From the line that holds "Character: 𣞡" to the last line below, retype everything exactly and nothing else; omit pictures.

### TASK MATERIAL
━━━

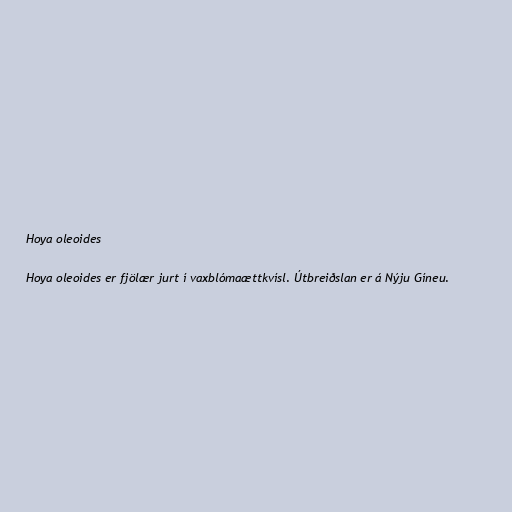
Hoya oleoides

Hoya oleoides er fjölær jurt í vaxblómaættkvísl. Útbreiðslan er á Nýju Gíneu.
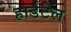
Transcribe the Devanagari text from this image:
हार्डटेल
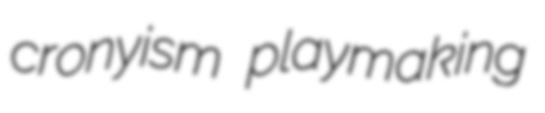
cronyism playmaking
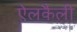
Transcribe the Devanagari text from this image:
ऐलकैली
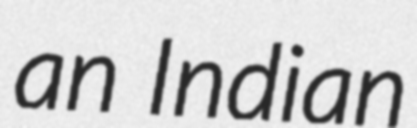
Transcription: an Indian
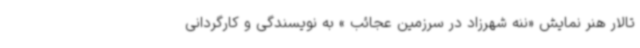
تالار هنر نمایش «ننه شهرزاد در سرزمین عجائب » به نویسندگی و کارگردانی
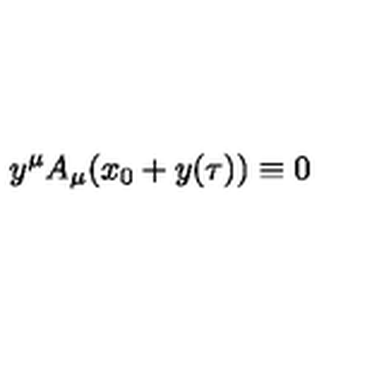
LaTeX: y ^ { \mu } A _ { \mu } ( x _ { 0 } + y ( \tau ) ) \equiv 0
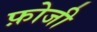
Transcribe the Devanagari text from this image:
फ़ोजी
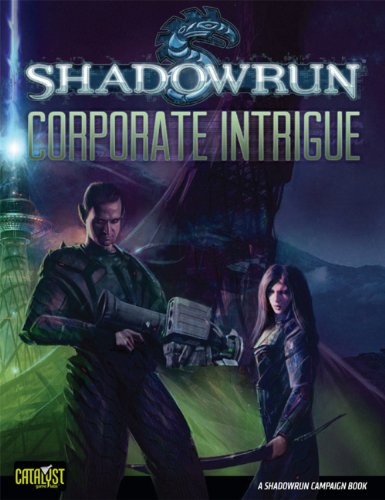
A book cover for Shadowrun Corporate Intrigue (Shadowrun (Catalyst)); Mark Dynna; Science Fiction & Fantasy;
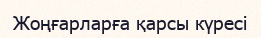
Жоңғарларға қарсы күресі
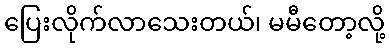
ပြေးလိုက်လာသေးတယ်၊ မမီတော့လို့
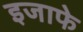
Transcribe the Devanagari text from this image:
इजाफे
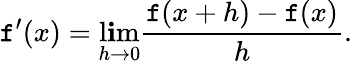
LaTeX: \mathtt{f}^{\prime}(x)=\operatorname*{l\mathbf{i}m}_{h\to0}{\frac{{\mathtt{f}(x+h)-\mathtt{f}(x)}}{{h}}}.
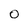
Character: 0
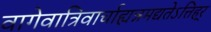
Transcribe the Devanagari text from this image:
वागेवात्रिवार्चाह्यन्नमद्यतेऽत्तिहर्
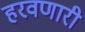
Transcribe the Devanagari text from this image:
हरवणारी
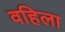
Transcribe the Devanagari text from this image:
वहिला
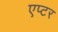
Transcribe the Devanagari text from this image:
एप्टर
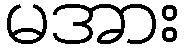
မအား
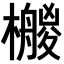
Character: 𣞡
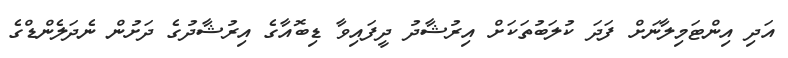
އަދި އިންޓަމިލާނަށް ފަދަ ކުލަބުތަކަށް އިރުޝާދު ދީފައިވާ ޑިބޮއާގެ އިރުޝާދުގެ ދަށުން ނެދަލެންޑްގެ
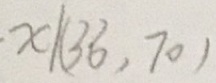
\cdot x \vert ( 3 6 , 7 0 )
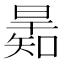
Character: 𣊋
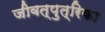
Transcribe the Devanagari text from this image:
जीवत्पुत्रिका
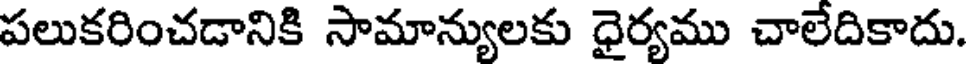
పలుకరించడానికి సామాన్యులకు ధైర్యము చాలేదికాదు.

━━━

### WRITTEN ANSWER
Character: 𣞡
އަދި އިންޓަމިލާނަށް ފަދަ ކުލަބުތަކަށް އިރުޝާދު ދީފައިވާ ޑިބޮއާގެ އިރުޝާދުގެ ދަށުން ނެދަލެންޑްގެ
\cdot x \vert ( 3 6 , 7 0 )
Character: 𣊋
Transcribe the Devanagari text from this image:
जीवत्पुत्रिका
పలుకరించడానికి సామాన్యులకు ధైర్యము చాలేదికాదు.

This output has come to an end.